Apple Posts Strong Quarter On iPhones, Wearables, And Service Revenue
Apple started 2020 with another strong financial performance. There were no real surprises. I continue to be stunned by the company’s ability to generate both revenue and profits in highly competitive categories. The US continues to be Apple’s strongest market, which fits with its focus to generate more spend within an ecosystem of more affluent consumers.
I do expect to see more innovative services and products from Apple given that Apple continues to grow spend on research and development. According to a May 2019 CNBC interview with Tim Cook, Apple is acquiring a company every 2–3 weeks. He also said that Apple had purchased between 20 and 25 companies in the past five months. While Apple has a handful of high-profile acquisitions of services or products (e.g., Beats, Shazam, Siri, etc.), many of these acquisitions are much smaller purchases of technology or talent to bolster its photography-, camera-, extended reality-, components-, voice-, or artificial intelligence capabilities — and more. These capabilities are more visible to the consumer at feature level — e.g., compiling my best photos, tagging friends, speed, better photos, improved spellcheck, and so on.
Portfolio Of Wearables Continues To Deliver Strong Growth
The wearables category grew 41% over the course of 2019 based on strong Apple Watch and AirPod sales. Q4 2019 — the holiday quarter — saw growth of 17%. Short supply of AirPods (Pro) likely diminished its revenue somewhat. (I know I waited two months on a pair.) There is still no replacement for the iPhone or smartphone as the “it” device. As the utility improves with each iteration of these devices, they will continue to fit more in the “need to have” rather than “nice to have” category for consumers.
Service Continues Its Strong Growth — Even From A Large Base
Services is second only to the iPhone as a revenue category, though it represents less than 20% of overall revenue. We’re all anxious for Apple to offer us more detail on services revenue. Like the carriers, we need ARPU (average revenue per user) AND the breakout of subscriptions versus one-time fees (e.g., apps). We also want to know how many services (e.g., News, TV, Music, iCloud) each user purchases. This would provide a lot of needed insight on how much more revenue they can squeeze from existing customers versus Apple’s dependency on new customer acquisition. (And, yes, the same would apply to hardware.)
Future Growth Is More Complicated
There are a lot of factors that will drive future success. (See past blogs.) I don’t doubt Apple’s continued ability to turn in strong performances, but doing so will not get any easier. Why?

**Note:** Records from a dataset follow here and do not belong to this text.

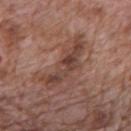A 15 mm close-up tile from a total-body photography series done for melanoma screening. A male subject aged around 70. On the mid back.
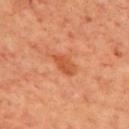Clinical summary:
The subject is a male approximately 70 years of age. The lesion-visualizer software estimated an eccentricity of roughly 0.85 and two-axis asymmetry of about 0.25. The analysis additionally found a mean CIELAB color near L≈52 a*≈30 b*≈41, roughly 9 lightness units darker than nearby skin, and a lesion-to-skin contrast of about 7 (normalized; higher = more distinct). The analysis additionally found border irregularity of about 2.5 on a 0–10 scale, a color-variation rating of about 2/10, and peripheral color asymmetry of about 1. A 15 mm close-up tile from a total-body photography series done for melanoma screening. Located on the back. Approximately 3 mm at its widest.
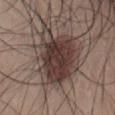  biopsy_status: not biopsied; imaged during a skin examination
  image:
    source: total-body photography crop
    field_of_view_mm: 15
  patient:
    sex: male
    age_approx: 35
  site: abdomen
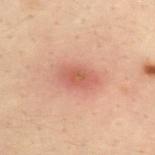Impression: This lesion was catalogued during total-body skin photography and was not selected for biopsy. Acquisition and patient details: A roughly 15 mm field-of-view crop from a total-body skin photograph. This is a cross-polarized tile. The subject is a male aged 28–32. Longest diameter approximately 4.5 mm. The lesion is on the upper back. Automated tile analysis of the lesion measured a footprint of about 9 mm², an eccentricity of roughly 0.85, and a shape-asymmetry score of about 0.15 (0 = symmetric). And it measured a lesion-to-skin contrast of about 6.5 (normalized; higher = more distinct). And it measured border irregularity of about 2 on a 0–10 scale, internal color variation of about 4 on a 0–10 scale, and radial color variation of about 1.5.
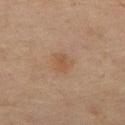biopsy status=total-body-photography surveillance lesion; no biopsy | tile lighting=cross-polarized | subject=female, approximately 70 years of age | image=total-body-photography crop, ~15 mm field of view | location=the left thigh | lesion diameter=about 3 mm.
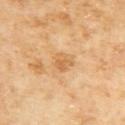Clinical impression:
This lesion was catalogued during total-body skin photography and was not selected for biopsy.
Background:
Captured under cross-polarized illumination. Approximately 2.5 mm at its widest. A female patient about 60 years old. A region of skin cropped from a whole-body photographic capture, roughly 15 mm wide. Automated tile analysis of the lesion measured an outline eccentricity of about 0.6 (0 = round, 1 = elongated) and a symmetry-axis asymmetry near 0.3. Located on the upper back.
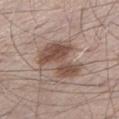| feature | finding |
|---|---|
| biopsy status | catalogued during a skin exam; not biopsied |
| acquisition | ~15 mm tile from a whole-body skin photo |
| location | the left lower leg |
| subject | male, aged around 60 |
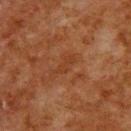Assessment:
Imaged during a routine full-body skin examination; the lesion was not biopsied and no histopathology is available.
Image and clinical context:
Longest diameter approximately 3 mm. Automated tile analysis of the lesion measured a detector confidence of about 100 out of 100 that the crop contains a lesion. A 15 mm close-up extracted from a 3D total-body photography capture. Captured under cross-polarized illumination. The subject is a male approximately 80 years of age. Located on the upper back.
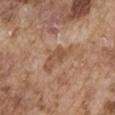From the right upper arm. The recorded lesion diameter is about 4.5 mm. A close-up tile cropped from a whole-body skin photograph, about 15 mm across. A male patient, in their mid- to late 70s.
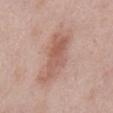Notes:
• notes · total-body-photography surveillance lesion; no biopsy
• diameter · about 6.5 mm
• acquisition · 15 mm crop, total-body photography
• subject · male, in their mid- to late 50s
• body site · the abdomen
• lighting · white-light

- Media subscriptions depend on strong content. Competition among films, TV, music, games, and more depends not only on deals with third parties but also original content. My colleague James McQuivey covers this in depth on his blog. The field is very competitive. And then you ask the question, “how is the fragmentation of video services serving customers?” Will consumers pay more for video overall or devote more of their free time to watching content?”
- Apple Pay has strong potential, but consumers still haven’t embraced it. More and more enterprises — both stores and online — have embraced Apple Pay as an option. (I love it and use it any chance I get for the convenience.) However, Forrester’s data shows low-double-digit adoption, with low-single-digit adoption on the Watch.

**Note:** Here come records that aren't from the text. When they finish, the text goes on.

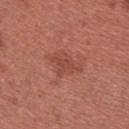No biopsy was performed on this lesion — it was imaged during a full skin examination and was not determined to be concerning.
Captured under white-light illumination.
The lesion is located on the back.
The total-body-photography lesion software estimated an average lesion color of about L≈47 a*≈26 b*≈28 (CIELAB) and a normalized lesion–skin contrast near 5.5. And it measured a border-irregularity index near 5/10, a within-lesion color-variation index near 1.5/10, and peripheral color asymmetry of about 0.5.
A close-up tile cropped from a whole-body skin photograph, about 15 mm across.
The subject is a female aged 23–27.
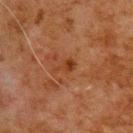<record>
<patient>
  <sex>male</sex>
  <age_approx>80</age_approx>
</patient>
<image>
  <source>total-body photography crop</source>
  <field_of_view_mm>15</field_of_view_mm>
</image>
<site>upper back</site>
</record>
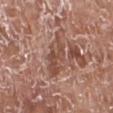Automated image analysis of the tile measured an area of roughly 10 mm², a shape eccentricity near 0.85, and a symmetry-axis asymmetry near 0.2. The software also gave internal color variation of about 4 on a 0–10 scale. A male patient, aged 73–77. The lesion's longest dimension is about 5.5 mm. From the right lower leg. This is a white-light tile. A close-up tile cropped from a whole-body skin photograph, about 15 mm across.
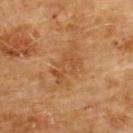| field | value |
|---|---|
| workup | imaged on a skin check; not biopsied |
| imaging modality | 15 mm crop, total-body photography |
| site | the chest |
| patient | male, roughly 60 years of age |
| lighting | cross-polarized |
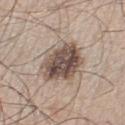Clinical impression:
No biopsy was performed on this lesion — it was imaged during a full skin examination and was not determined to be concerning.
Acquisition and patient details:
The lesion is located on the left lower leg. Measured at roughly 6 mm in maximum diameter. The lesion-visualizer software estimated an automated nevus-likeness rating near 30 out of 100 and lesion-presence confidence of about 100/100. Captured under white-light illumination. A male patient in their mid-40s. Cropped from a whole-body photographic skin survey; the tile spans about 15 mm.
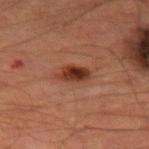Recorded during total-body skin imaging; not selected for excision or biopsy. The tile uses cross-polarized illumination. Located on the left thigh. A roughly 15 mm field-of-view crop from a total-body skin photograph. A male patient, aged around 65. Longest diameter approximately 3.5 mm. An algorithmic analysis of the crop reported a mean CIELAB color near L≈32 a*≈23 b*≈28, roughly 11 lightness units darker than nearby skin, and a normalized border contrast of about 10. The analysis additionally found a border-irregularity index near 2/10, a within-lesion color-variation index near 5.5/10, and radial color variation of about 2.

- Cameras, displays, battery, and speed drive purchases. (See my earlier blogs.) Better cameras, displays, and speed typically want both more battery and a larger form factor. None of these features lower the cost of the device. Pricing power helps Apple, but the game is still expensive.
- Future experiences will depend more on conversations. Volume of chat or voice services to use to learn to improve conversational interfaces aren’t the only predictors of future success but are important ones. So far, Apple plays within a smaller, more controlled ecosystem than some of its competitors. There is an inherent bet here that consumers won’t transact in any meaningful way through conversations in the near future. I do believe that browsers burden consumers with too much cognitive load. We need an alternative, but getting there with a critical mass of consumers will take time.
- Improved experiences will be incremental — and hard to market. Yes, consumers are fascinated by displays, cameras, video games, and battery life today. As we move forward and our phones do the little things for us — proactively setting alarms, reminding us of birthdays, showing us photo composites from our vacation last fall — we’ll become very attached to our phones, but we won’t be able to put our finger on just that thing.
What about 5G? Apple and other smartphone manufacturers can afford to wait. Unlike when 4G was rolling out across the United States, networks aren’t nearly as congested, while the combination of device manufacturers and service providers have conspired to push consumers onto local Wi-Fi networks and made doing so easier. (4G service in my flat is terrible. I hate that I constantly have to switch to Wi-Fi, but I’ve come to accept it.) Streaming video over 4G works well where there is a strong signal. 5G can be faster, but the use case for consumers must be compelling.
And the last wild card that is on my radar is healthcare: When, if at all, will this become a serious revenue stream for Apple?